== The task ==
Return all the lines below in which the string "points" appears.

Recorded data
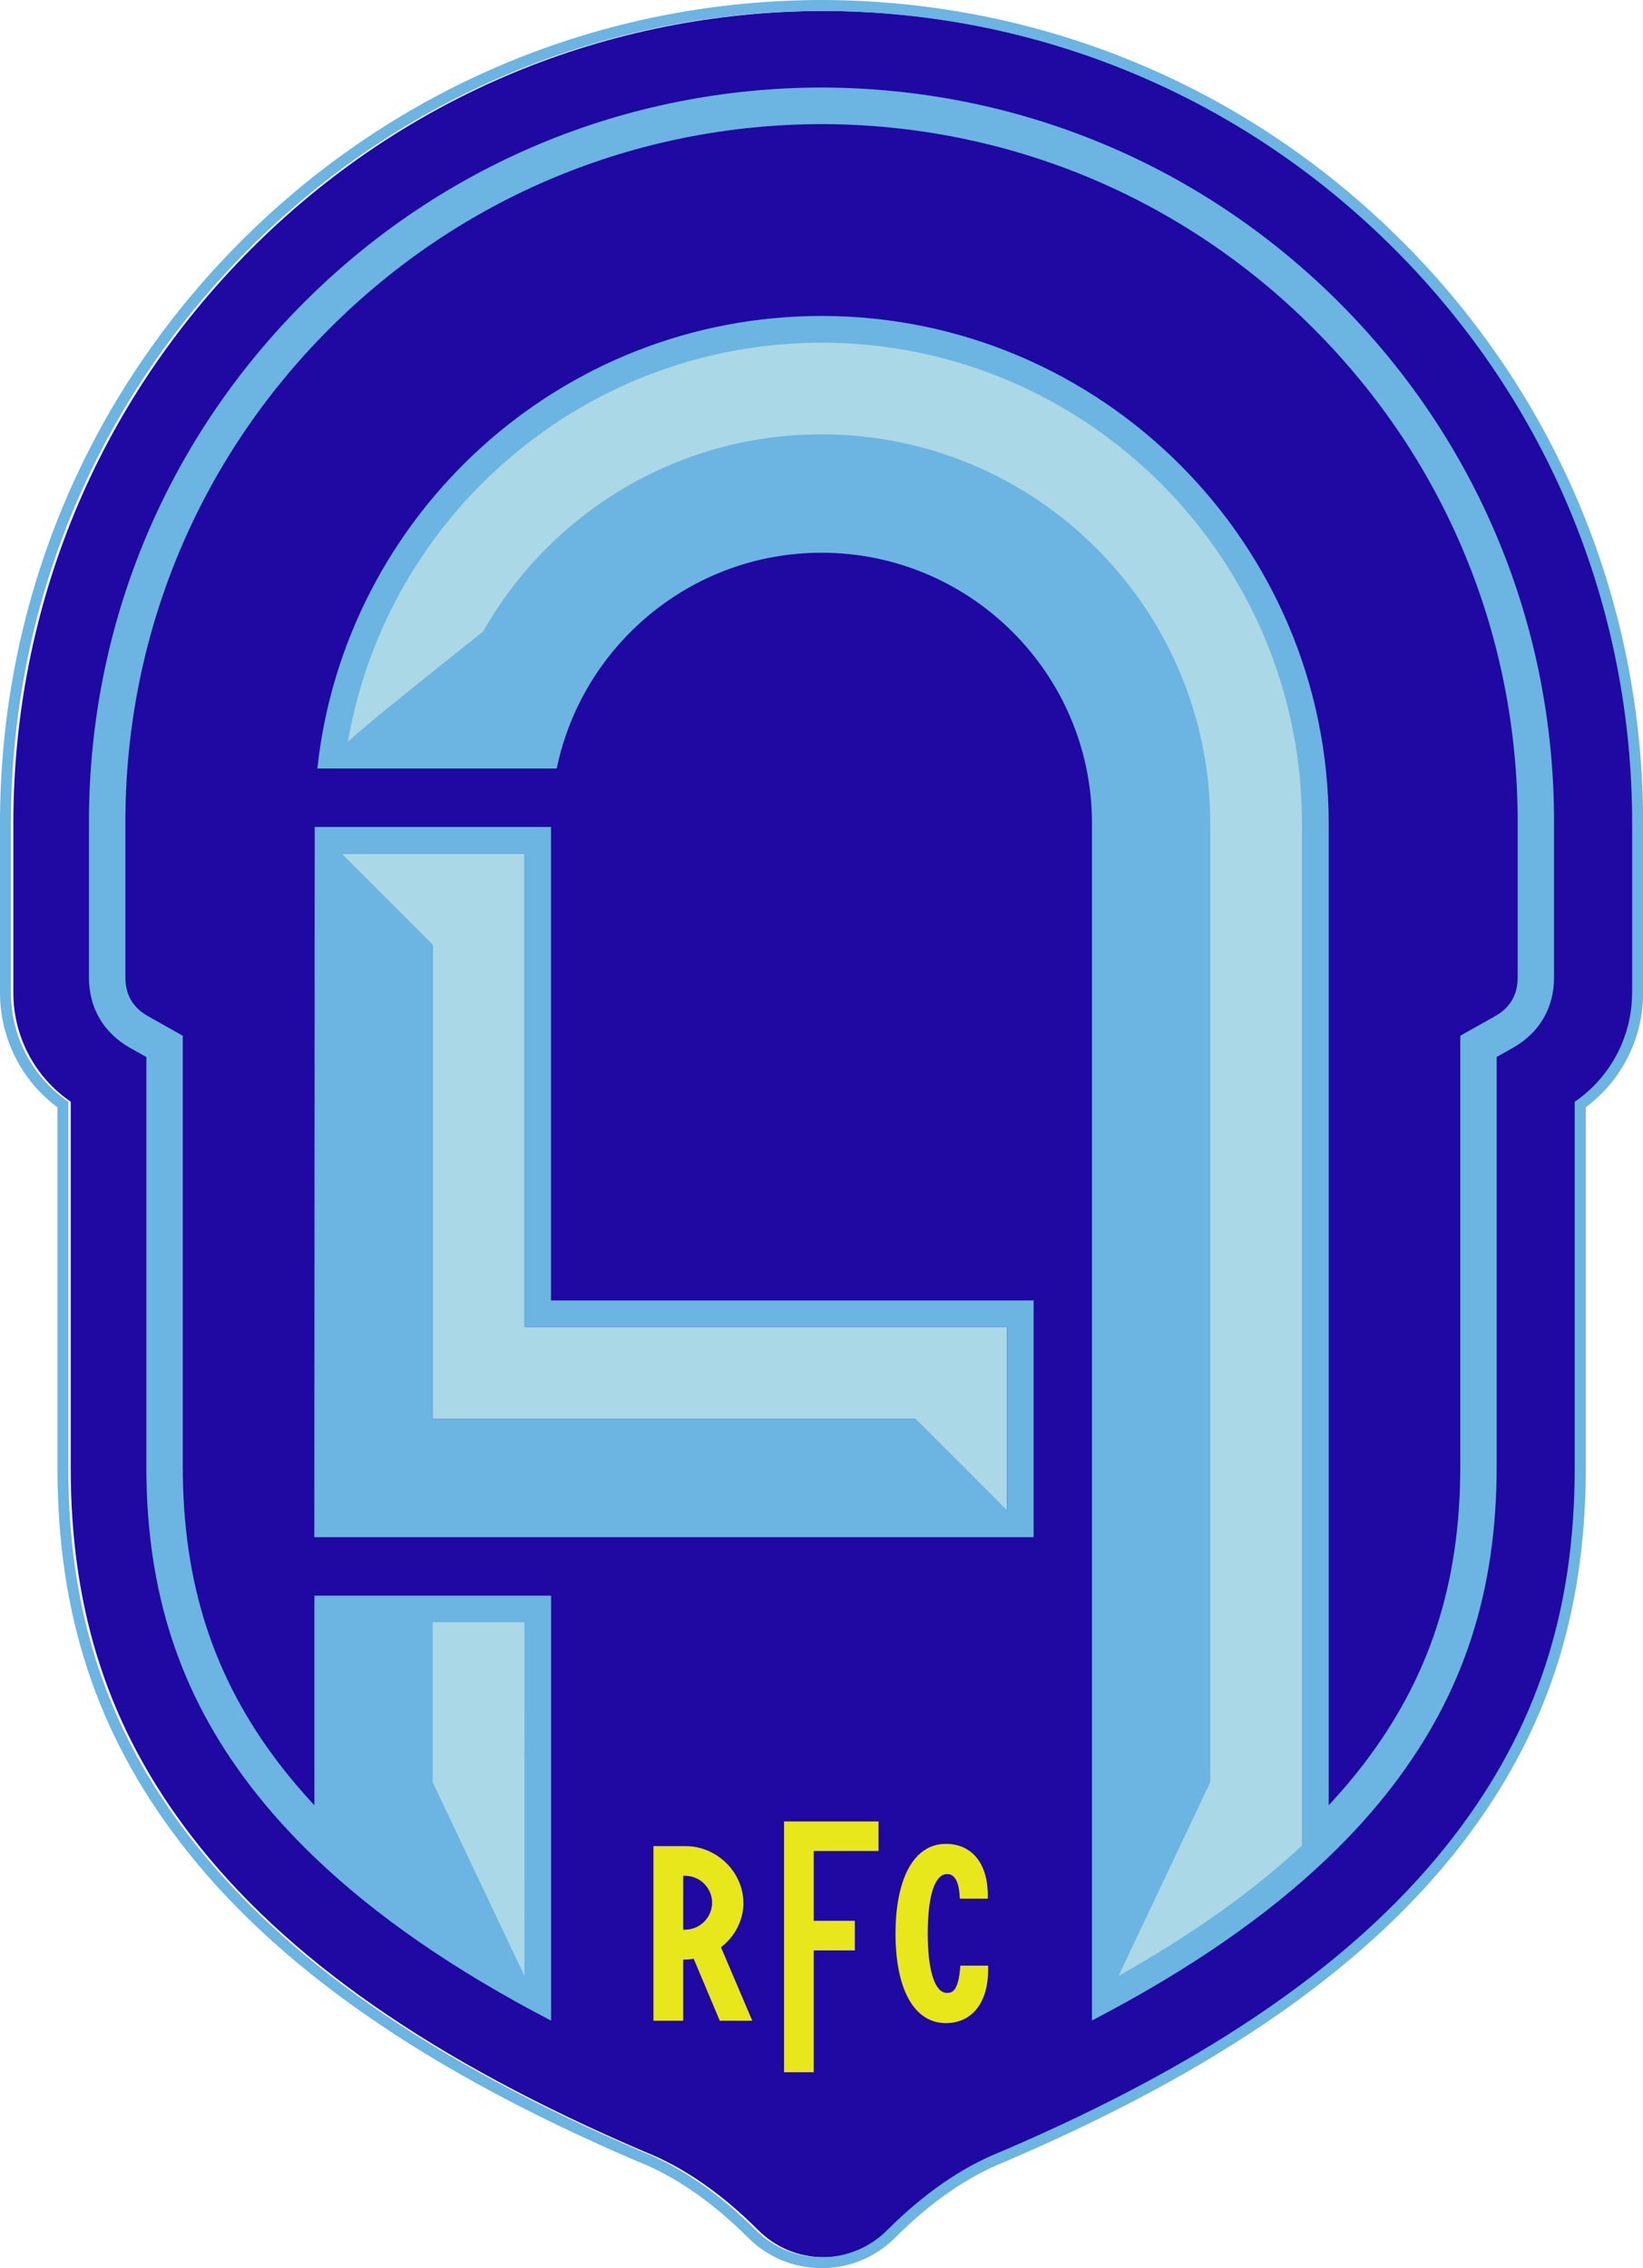 <?xml version="1.0" encoding="UTF-8"?>
<svg id="Livello_1" xmlns="http://www.w3.org/2000/svg" width="233.08" height="321.68" version="1.1" viewBox="0 0 233.08 321.68">
  <!-- Generator: Adobe Illustrator 29.2.1, SVG Export Plug-In . SVG Version: 2.1.0 Build 116)  -->
  <path d="M231.87,140.8c0,6.21-3.08,12-8.14,15.45v51.97c0,20.35-5.42,36.9-17.07,52.1-13.29,17.34-34.34,32.01-64.37,44.85h-.03s-.03.02-.03.02c-5.47,2.19-10.86,5.92-16.03,11.09-2.49,2.49-5.79,3.85-9.32,3.85s-6.84-1.37-9.32-3.85c-5.17-5.17-10.57-8.91-16.03-11.09h-.03s-.03-.02-.03-.02c-30.03-12.84-51.09-27.51-64.37-44.85-11.65-15.19-17.07-31.74-17.07-52.1v-51.97c-5.06-3.45-8.14-9.23-8.14-15.45v-24.03c0-30.74,11.96-59.65,33.68-81.4C57.26,13.63,86.13,1.61,116.86,1.55h.06c30.71.07,59.57,12.08,81.28,33.82,21.72,21.75,33.68,50.66,33.68,81.4v24.03Z" style="fill: #1f09a2;"/>
  <path d="M198.95,34.27C176.99,12.27,147.78.1,116.7,0h-.19c-31.14.07-60.39,12.24-82.38,34.27C12.12,56.31,0,85.61,0,116.77v24.03c0,6.43,3.03,12.44,8.15,16.24v51.17c0,20.71,5.53,37.56,17.39,53.04,13.45,17.55,34.71,32.38,64.99,45.32h.03s.02.02.02.02h.02s.03.02.03.02c5.27,2.11,10.49,5.73,15.51,10.75,2.78,2.78,6.48,4.31,10.42,4.31s7.64-1.53,10.42-4.31c5.02-5.03,10.24-8.64,15.51-10.75h.03s.02-.02.02-.02h.01s.03-.02.03-.02c30.28-12.95,51.54-27.77,64.99-45.32,11.86-15.48,17.39-32.33,17.39-53.04v-51.17c5.11-3.8,8.14-9.81,8.14-16.24v-24.03c0-31.15-12.12-60.45-34.13-82.5M231.53,140.8c0,6.21-3.08,12-8.14,15.45v51.97c0,20.35-5.42,36.9-17.07,52.1-13.29,17.34-34.34,32.01-64.37,44.85h-.03s-.03.02-.03.02c-5.47,2.19-10.86,5.92-16.03,11.09-2.49,2.49-5.8,3.85-9.32,3.85s-6.84-1.37-9.32-3.85c-5.17-5.17-10.57-8.91-16.03-11.09h-.03s-.03-.02-.03-.02c-30.03-12.84-51.09-27.51-64.37-44.85-11.65-15.19-17.07-31.74-17.07-52.1v-51.97c-5.06-3.45-8.14-9.23-8.14-15.45v-24.03c0-30.74,11.96-59.65,33.68-81.4C56.93,13.63,85.8,1.61,116.52,1.55h.06c30.71.07,59.57,12.08,81.28,33.82,21.72,21.75,33.68,50.66,33.68,81.4v24.03Z" style="fill: #6cb4e1;"/>
  <path d="M105.46,269.84c0-.65-.09-1.29-.25-1.89-.9-3.47-4.18-6.13-7.96-6.13h-4.55v24.76h4.22v-8.67h.33c.39,0,.78-.05,1.16-.11l3.7,8.78h4.61l-4.44-10.42c2.01-1.54,3.19-3.87,3.19-6.31M97.18,273.68h-.26v-7.65h.26c1.42,0,2.66.77,3.32,1.91.33.56.52,1.2.52,1.89,0,2.12-1.73,3.84-3.84,3.84Z" style="fill: #e8e71b;"/>
  <polygon points="111.23 293.89 115.43 293.89 115.43 276.61 121.27 276.61 121.27 272.41 115.43 272.41 115.43 262.51 124.63 262.51 124.63 258.32 111.23 258.32 111.23 293.89" style="fill: #e8e71b;"/>
  <path d="M136.24,278.77l-.05.54c-.29,3.07-1.11,3.33-1.85,3.33-1.71,0-2.73-3.15-2.73-8.43,0-2.7.26-4.82.73-6.26.47-1.41,1.14-2.16,2-2.16.35,0,1.35,0,1.7,2.16.03.24.07.48.09.77l.04.55h3.96v-.59c0-.25-.01-.49-.03-.73-.24-3.99-2.46-6.45-5.92-6.45-3.12,0-5.37,2.33-6.43,6.45-.46,1.77-.71,3.87-.71,6.26,0,7.96,2.67,12.71,7.14,12.71,3.7,0,6-2.89,6-7.56v-.59h-3.95Z" style="fill: #e8e71b;"/>
  <path d="M61.38,201.22h0Z" style="fill: #abd8e6;"/>
  <path d="M154.91,286.58v-.02s0,0,0,0h0Z" style="fill: #abd8e6;"/>
  <path d="M190.04,42.97c-19.62-19.65-45.72-30.5-73.5-30.56-27.77.05-53.87,10.9-73.49,30.56-19.62,19.66-30.43,45.78-30.43,73.56v22.1c0,4.32,2.07,7.86,5.83,9.98l2.31,1.3v58.07c0,17.78,4.7,32.19,14.78,45.34,2.65,3.46,5.67,6.8,9.06,10.06,8.68,8.33,19.81,16.03,33.58,23.19v-60.28h-33.58v29.74c-1.78-1.92-3.44-3.87-4.96-5.85-9.35-12.2-13.71-25.61-13.71-42.2v-61.09l-4.94-2.78c-2.13-1.2-3.2-3.03-3.2-5.47v-22.1c0-26.4,10.27-51.23,28.92-69.9,18.65-18.68,43.45-28.99,69.83-29.04,26.39.05,51.2,10.36,69.84,29.04,18.65,18.68,28.92,43.51,28.92,69.9v22.1c0,2.44-1.08,4.28-3.2,5.47l-4.94,2.78v61.09c0,16.58-4.36,29.99-13.71,42.2-1.52,1.99-3.17,3.93-4.96,5.85V116.76c0-39.67-32.27-71.95-71.95-71.95-37.05,0-67.64,28.15-71.52,64.18h33.96c3.6-17.44,19.07-30.6,37.56-30.6,21.16,0,38.37,17.21,38.37,38.37v169.81-.02c13.77-7.16,24.9-14.85,33.57-23.18,3.39-3.25,6.41-6.6,9.06-10.06,10.08-13.15,14.78-27.56,14.78-45.34v-58.07l2.31-1.3c3.76-2.12,5.83-5.66,5.83-9.98v-22.1c0-27.78-10.81-53.9-30.43-73.56" style="fill: #6cb4e1;"/>
  <polygon points="61.38 230.07 61.38 252.76 74.4 280.23 74.39 230.07 61.38 230.07" style="fill: #abd8e6;"/>
  <path d="M146.63,184.43h-68.46v-67.15h-33.53l-.05,100.73h102.04v-33.58h0ZM142.85,214.23h0l-13.01-13.01H61.39v-67.2l-12.96-12.96h25.97v67.15h68.46v26.02Z" style="fill: #6cb4e1;"/>
  <path d="M44.59,218.01h0Z" style="fill: #6cb4e1;"/>
  <path d="M146.63,184.43h0Z" style="fill: #abd8e6;"/>
  <polygon points="74.39 121.06 48.42 121.06 61.38 134.02 61.38 201.22 129.84 201.22 142.85 214.23 142.85 188.21 74.39 188.21 74.39 121.06" style="fill: #abd8e6;"/>
  <path d="M116.54,48.6c-16.89,0-33.11,6.25-45.67,17.6-11.41,10.32-18.95,24.05-21.52,39.02,0,0,0,0,0,0,1.27-1.2,2.71-2.35,4.28-3.68,5.62-4.61,14.83-11.91,14.91-11.98h0c9.48-16.7,27.42-27.96,47.99-27.96,30.46,0,55.16,24.69,55.16,55.16v135.99l-13.01,27.47c10.38-5.82,18.95-11.91,26.02-18.48V116.77c0-37.59-30.58-68.17-68.17-68.17" style="fill: #abd8e6;"/>
</svg>

== Expected answer ==
  <polygon points="111.23 293.89 115.43 293.89 115.43 276.61 121.27 276.61 121.27 272.41 115.43 272.41 115.43 262.51 124.63 262.51 124.63 258.32 111.23 258.32 111.23 293.89" style="fill: #e8e71b;"/>
  <polygon points="61.38 230.07 61.38 252.76 74.4 280.23 74.39 230.07 61.38 230.07" style="fill: #abd8e6;"/>
  <polygon points="74.39 121.06 48.42 121.06 61.38 134.02 61.38 201.22 129.84 201.22 142.85 214.23 142.85 188.21 74.39 188.21 74.39 121.06" style="fill: #abd8e6;"/>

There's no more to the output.